__WHAT THIS TASK INVOLVES__: Output the data below exactly, without images.

__EXCERPTED RECORDS__:
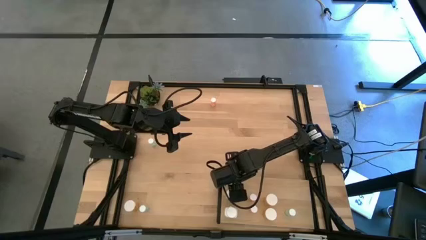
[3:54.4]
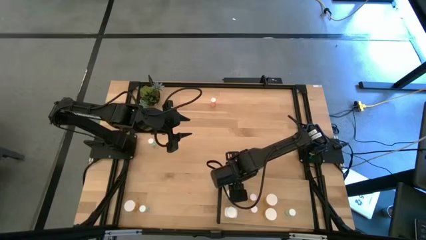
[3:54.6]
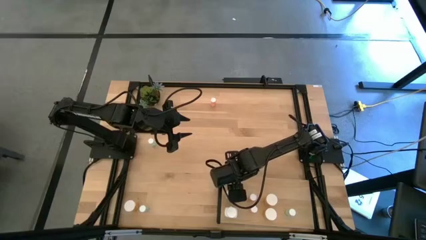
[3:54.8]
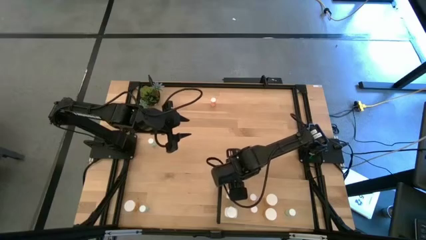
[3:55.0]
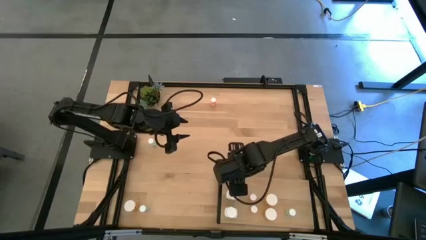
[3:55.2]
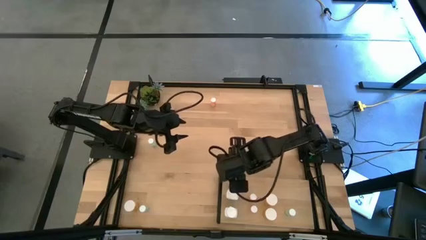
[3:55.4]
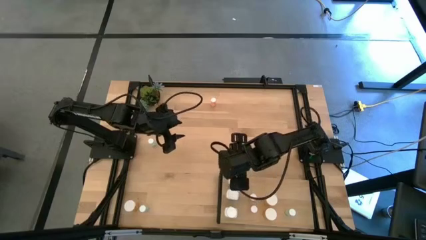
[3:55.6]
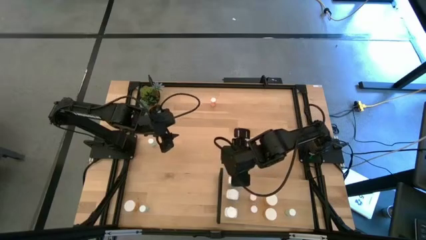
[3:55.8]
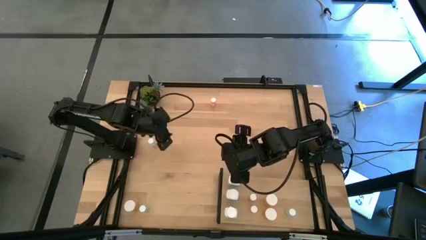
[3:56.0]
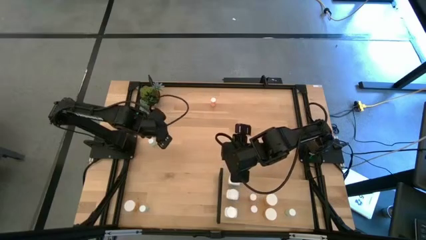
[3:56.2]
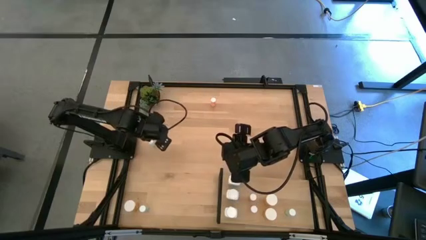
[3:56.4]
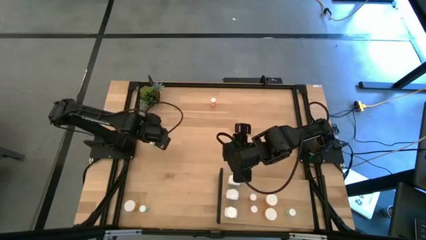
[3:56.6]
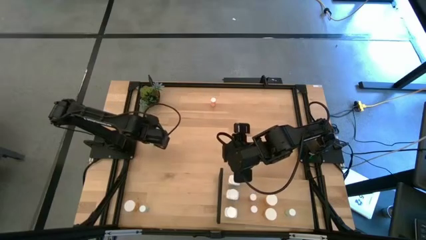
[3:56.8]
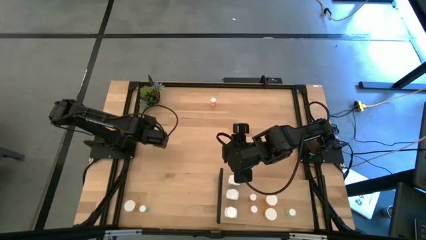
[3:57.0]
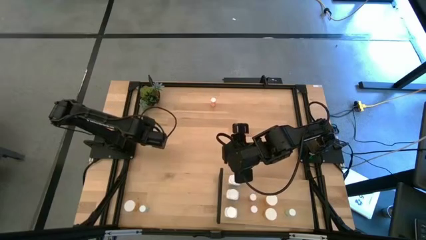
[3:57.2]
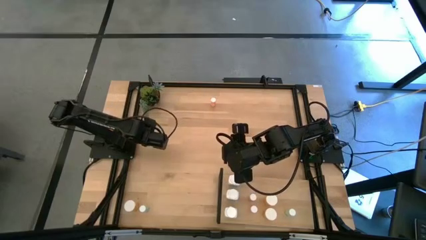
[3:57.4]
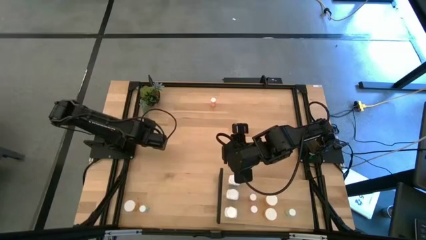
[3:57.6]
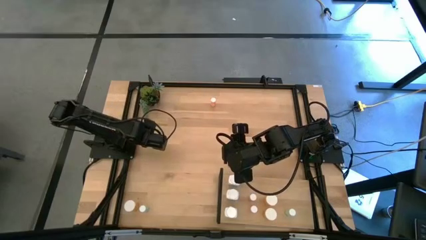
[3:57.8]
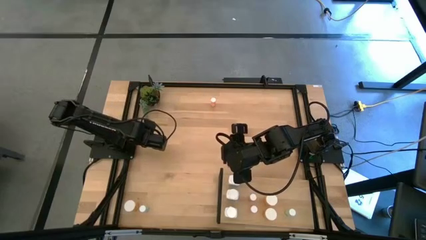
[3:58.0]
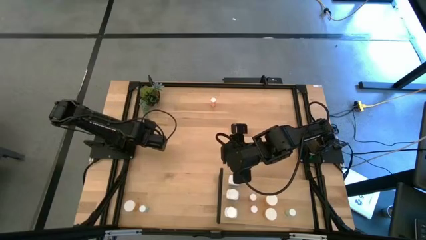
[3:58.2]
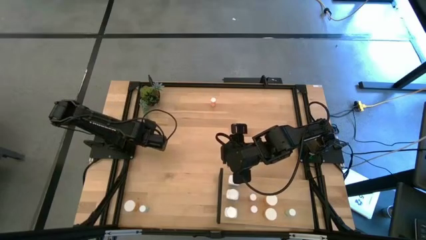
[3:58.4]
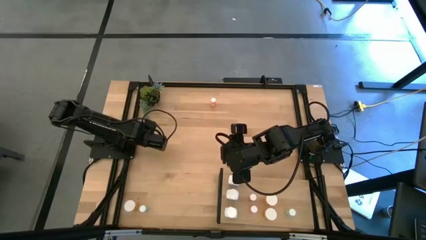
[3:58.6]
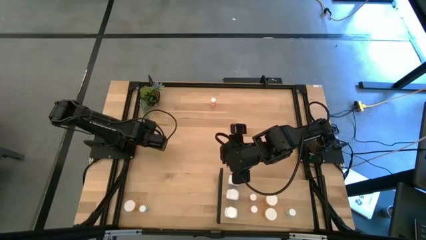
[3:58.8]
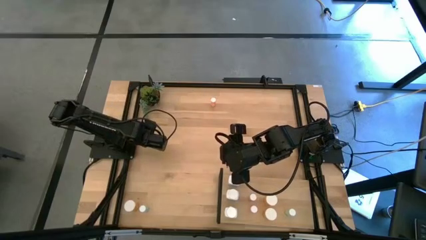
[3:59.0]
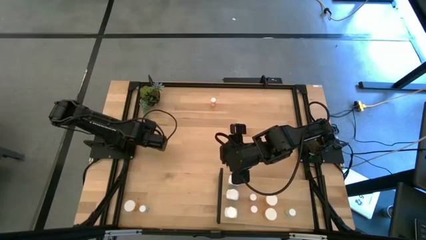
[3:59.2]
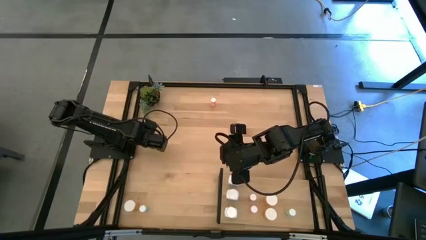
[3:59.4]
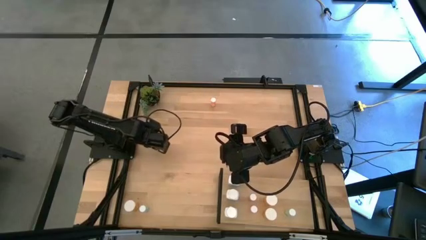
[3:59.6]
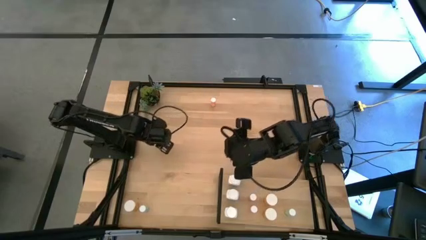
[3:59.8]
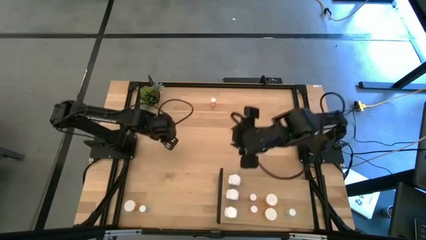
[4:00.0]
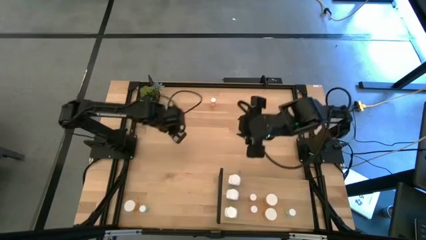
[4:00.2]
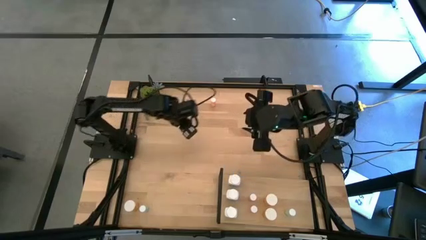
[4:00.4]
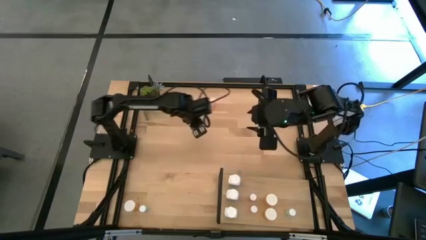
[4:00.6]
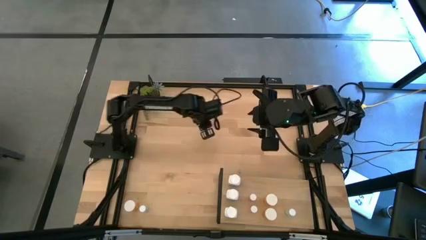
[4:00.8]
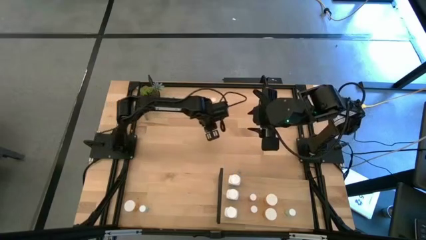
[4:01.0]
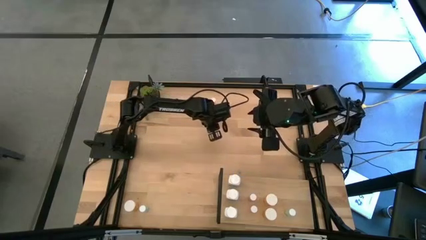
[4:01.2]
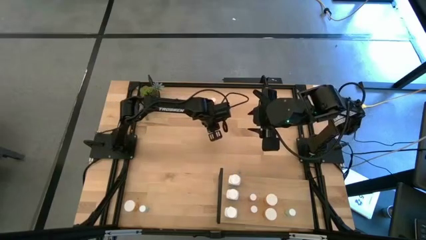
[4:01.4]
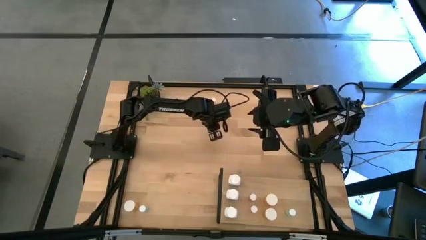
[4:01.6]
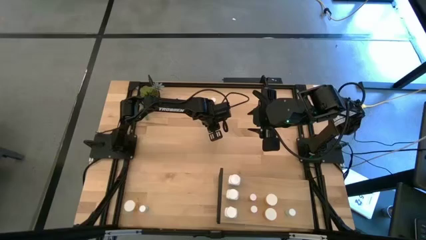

__EXPECTED ANSWER__:
[3:54.4]
[3:54.6]
[3:54.8]
[3:55.0]
[3:55.2]
[3:55.4]
[3:55.6]
[3:55.8]
[3:56.0]
[3:56.2]
[3:56.4]
[3:56.6]
[3:56.8]
[3:57.0]
[3:57.2]
[3:57.4]
[3:57.6]
[3:57.8]
[3:58.0]
[3:58.2]
[3:58.4]
[3:58.6]
[3:58.8]
[3:59.0]
[3:59.2]
[3:59.4]
[3:59.6]
[3:59.8]
[4:00.0]
[4:00.2]
[4:00.4]
[4:00.6]
[4:00.8]
[4:01.0]
[4:01.2]
[4:01.4]
[4:01.6]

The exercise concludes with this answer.